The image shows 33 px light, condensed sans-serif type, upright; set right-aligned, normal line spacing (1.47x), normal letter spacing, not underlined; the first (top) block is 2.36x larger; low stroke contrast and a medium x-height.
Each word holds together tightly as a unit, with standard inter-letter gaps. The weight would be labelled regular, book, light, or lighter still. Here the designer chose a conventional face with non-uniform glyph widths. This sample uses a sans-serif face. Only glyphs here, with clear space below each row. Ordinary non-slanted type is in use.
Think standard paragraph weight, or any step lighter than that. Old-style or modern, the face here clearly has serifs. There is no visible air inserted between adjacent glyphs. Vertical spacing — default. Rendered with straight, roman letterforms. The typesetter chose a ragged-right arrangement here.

> WORK ORDER
Repeat all the lines above, keeping them exactly as they are.

> YOUR RESPONSE
The image shows 33 px light, condensed sans-serif type, upright; set right-aligned, normal line spacing (1.47x), normal letter spacing, not underlined; the first (top) block is 2.36x larger; low stroke contrast and a medium x-height.
Each word holds together tightly as a unit, with standard inter-letter gaps. The weight would be labelled regular, book, light, or lighter still. Here the designer chose a conventional face with non-uniform glyph widths. This sample uses a sans-serif face. Only glyphs here, with clear space below each row. Ordinary non-slanted type is in use.
Think standard paragraph weight, or any step lighter than that. Old-style or modern, the face here clearly has serifs. There is no visible air inserted between adjacent glyphs. Vertical spacing — default. Rendered with straight, roman letterforms. The typesetter chose a ragged-right arrangement here.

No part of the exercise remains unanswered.